As décadas se passaram e Belafonte seguiu na luta. Em 1985, foi o responsável por organizar artistas para a gravação de We are the world, canção que revolucionou a história, interpretada por quarenta e cinco artistas, com um objetivo: a luta contra a fome[6]. Foi embaixador da UNICEF e coordenou a primeira visita de Nelson Mandela aos Estados Unidos. Seu ativismo político esteve presente ao longo de sua vida: ele se opôs contra o governo Bush e, mais recentemente, contra Donald Trump. Com relação a este último, disse: “O senhor Trump pergunta o que temos a perder, referindo-se aos eleitores negros e nós devemos responder: apenas o sonho, apenas tudo”.

Belafonte ganhou dois prêmios Grammy, seis discos de ouro, um Oscar honorário[7]. Uma vida profissional repleta de realizações e premiações. Só que o seu legado vai além da área profissional. Sua história se mistura com a história da luta pelos direitos civis das pessoas negras nos Estados Unidos. Ele não pensava individualmente, pensava no coletivo.

Encerro o texto de hoje com as palavras de Belafonte em uma entrevista ao New York Times em 2001: “A raiva não mudou. Eu tenho que ser parte em qualquer rebelião que tenta mudar isso tudo. A raiva é um combustível necessário. A rebelião é saudável”[8]. Nós seguimos por aqui, Sr. Belafonte. Obrigada por tudo.

Notas de rodapé

[1] Disponível em: https://www.youtube.com/watch?v=AQXVHITd1N4 Acesso em 27 abr. 2023.

[2] Uma versão inusitada foi utilizada na propaganda dos anos 90 para o lançamento do bubaloo banana. Assista em: https://www.youtube.com/watch?v=qjYkpKwWVbI.

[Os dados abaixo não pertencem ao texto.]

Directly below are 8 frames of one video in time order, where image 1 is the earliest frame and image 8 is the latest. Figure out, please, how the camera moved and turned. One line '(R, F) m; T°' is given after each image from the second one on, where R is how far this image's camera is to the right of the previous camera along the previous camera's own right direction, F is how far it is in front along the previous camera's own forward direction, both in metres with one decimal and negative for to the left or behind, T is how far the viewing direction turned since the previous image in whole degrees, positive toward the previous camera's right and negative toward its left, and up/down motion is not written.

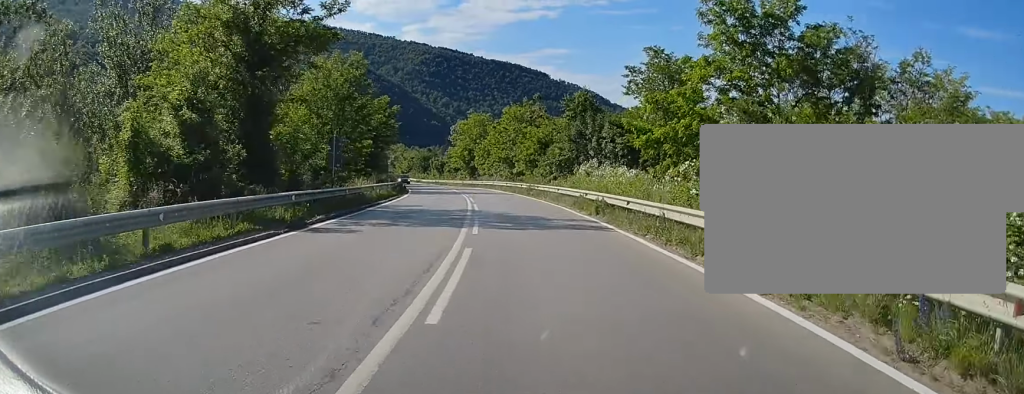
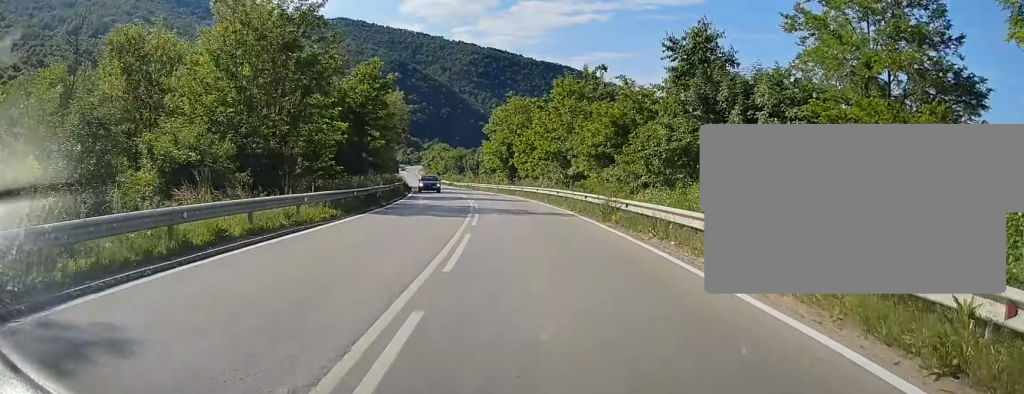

[3] Em texto anterior, escrevi sobre Hattie McDaniel, primeira mulher negra a ganhar o Oscar de atriz coadjuvante. O Oscar de melhor atriz só seria entregue a uma mulher negra em 2002, para Halle Berry, ou seja, quase cinquenta anos depois da indicação de Dandridge. Uma curiosidade: Berry interpretou Dandridge no filme de 1999, Introducing Dorothy Dandridge

[4] Sobre o conceito, já o explicamos em texto anterior, em que escrevemos sobre Audre Lorde.

[5] O filme recebeu várias indicações ao Oscar e Sidney Poitier, que aceitou o papel oferecido inicialmente a Belafonte, ganhou o Oscar de melhor ator.

[6] Ao contrário do que pensam, “USA for Africa” não quer dizer “Estados Unidos pela África”, mas sim “United Support of Artists for Africa” (Apoio Unido de Artistas pela África).